▶ **Aim of the task**: Below is a set of records; print all of them exactly as written.

== Segment start ==

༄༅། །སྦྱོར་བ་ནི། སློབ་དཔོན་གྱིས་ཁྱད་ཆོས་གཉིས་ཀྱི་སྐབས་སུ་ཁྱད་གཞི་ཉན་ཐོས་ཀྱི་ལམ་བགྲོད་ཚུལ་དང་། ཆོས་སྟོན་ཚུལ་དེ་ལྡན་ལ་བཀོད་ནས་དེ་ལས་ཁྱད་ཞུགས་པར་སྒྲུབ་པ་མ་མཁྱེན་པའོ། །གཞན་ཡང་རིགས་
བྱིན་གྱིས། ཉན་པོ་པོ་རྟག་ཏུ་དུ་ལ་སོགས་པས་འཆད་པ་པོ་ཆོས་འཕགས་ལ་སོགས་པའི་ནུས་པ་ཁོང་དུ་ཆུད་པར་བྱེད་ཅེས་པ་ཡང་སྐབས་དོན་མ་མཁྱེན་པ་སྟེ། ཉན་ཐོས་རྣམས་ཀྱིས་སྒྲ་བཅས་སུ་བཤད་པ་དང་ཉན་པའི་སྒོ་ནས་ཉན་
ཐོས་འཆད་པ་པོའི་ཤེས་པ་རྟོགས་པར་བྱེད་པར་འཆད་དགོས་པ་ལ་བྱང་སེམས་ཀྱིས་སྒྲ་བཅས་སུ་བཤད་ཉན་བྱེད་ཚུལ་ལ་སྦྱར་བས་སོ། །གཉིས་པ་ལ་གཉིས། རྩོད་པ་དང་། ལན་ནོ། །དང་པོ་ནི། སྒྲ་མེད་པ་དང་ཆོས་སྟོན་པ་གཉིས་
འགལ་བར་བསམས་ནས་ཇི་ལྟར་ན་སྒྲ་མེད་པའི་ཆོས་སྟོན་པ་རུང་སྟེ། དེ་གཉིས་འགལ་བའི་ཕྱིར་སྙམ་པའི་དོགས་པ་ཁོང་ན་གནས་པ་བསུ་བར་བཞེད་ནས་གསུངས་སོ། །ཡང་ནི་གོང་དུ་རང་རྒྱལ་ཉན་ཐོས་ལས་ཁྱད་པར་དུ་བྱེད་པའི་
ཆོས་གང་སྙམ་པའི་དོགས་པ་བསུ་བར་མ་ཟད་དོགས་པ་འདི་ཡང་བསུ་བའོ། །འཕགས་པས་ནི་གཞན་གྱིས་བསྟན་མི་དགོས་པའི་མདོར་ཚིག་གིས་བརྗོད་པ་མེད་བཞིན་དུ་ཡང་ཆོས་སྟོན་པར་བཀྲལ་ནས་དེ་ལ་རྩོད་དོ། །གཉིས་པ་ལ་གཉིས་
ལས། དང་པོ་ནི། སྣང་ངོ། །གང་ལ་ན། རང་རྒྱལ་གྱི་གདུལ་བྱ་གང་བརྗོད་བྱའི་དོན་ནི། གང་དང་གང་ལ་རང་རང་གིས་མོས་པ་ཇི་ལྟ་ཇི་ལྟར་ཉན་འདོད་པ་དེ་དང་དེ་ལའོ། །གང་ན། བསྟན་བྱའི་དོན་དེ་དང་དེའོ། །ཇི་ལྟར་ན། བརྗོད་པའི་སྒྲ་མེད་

== Segment end ==

▶ **Finished exercise**:
༄༅། །སྦྱོར་བ་ནི། སློབ་དཔོན་གྱིས་ཁྱད་ཆོས་གཉིས་ཀྱི་སྐབས་སུ་ཁྱད་གཞི་ཉན་ཐོས་ཀྱི་ལམ་བགྲོད་ཚུལ་དང་། ཆོས་སྟོན་ཚུལ་དེ་ལྡན་ལ་བཀོད་ནས་དེ་ལས་ཁྱད་ཞུགས་པར་སྒྲུབ་པ་མ་མཁྱེན་པའོ། །གཞན་ཡང་རིགས་
བྱིན་གྱིས། ཉན་པོ་པོ་རྟག་ཏུ་དུ་ལ་སོགས་པས་འཆད་པ་པོ་ཆོས་འཕགས་ལ་སོགས་པའི་ནུས་པ་ཁོང་དུ་ཆུད་པར་བྱེད་ཅེས་པ་ཡང་སྐབས་དོན་མ་མཁྱེན་པ་སྟེ། ཉན་ཐོས་རྣམས་ཀྱིས་སྒྲ་བཅས་སུ་བཤད་པ་དང་ཉན་པའི་སྒོ་ནས་ཉན་
ཐོས་འཆད་པ་པོའི་ཤེས་པ་རྟོགས་པར་བྱེད་པར་འཆད་དགོས་པ་ལ་བྱང་སེམས་ཀྱིས་སྒྲ་བཅས་སུ་བཤད་ཉན་བྱེད་ཚུལ་ལ་སྦྱར་བས་སོ། །གཉིས་པ་ལ་གཉིས། རྩོད་པ་དང་། ལན་ནོ། །དང་པོ་ནི། སྒྲ་མེད་པ་དང་ཆོས་སྟོན་པ་གཉིས་
འགལ་བར་བསམས་ནས་ཇི་ལྟར་ན་སྒྲ་མེད་པའི་ཆོས་སྟོན་པ་རུང་སྟེ། དེ་གཉིས་འགལ་བའི་ཕྱིར་སྙམ་པའི་དོགས་པ་ཁོང་ན་གནས་པ་བསུ་བར་བཞེད་ནས་གསུངས་སོ། །ཡང་ནི་གོང་དུ་རང་རྒྱལ་ཉན་ཐོས་ལས་ཁྱད་པར་དུ་བྱེད་པའི་
ཆོས་གང་སྙམ་པའི་དོགས་པ་བསུ་བར་མ་ཟད་དོགས་པ་འདི་ཡང་བསུ་བའོ། །འཕགས་པས་ནི་གཞན་གྱིས་བསྟན་མི་དགོས་པའི་མདོར་ཚིག་གིས་བརྗོད་པ་མེད་བཞིན་དུ་ཡང་ཆོས་སྟོན་པར་བཀྲལ་ནས་དེ་ལ་རྩོད་དོ། །གཉིས་པ་ལ་གཉིས་
ལས། དང་པོ་ནི། སྣང་ངོ། །གང་ལ་ན། རང་རྒྱལ་གྱི་གདུལ་བྱ་གང་བརྗོད་བྱའི་དོན་ནི། གང་དང་གང་ལ་རང་རང་གིས་མོས་པ་ཇི་ལྟ་ཇི་ལྟར་ཉན་འདོད་པ་དེ་དང་དེ་ལའོ། །གང་ན། བསྟན་བྱའི་དོན་དེ་དང་དེའོ། །ཇི་ལྟར་ན། བརྗོད་པའི་སྒྲ་མེད་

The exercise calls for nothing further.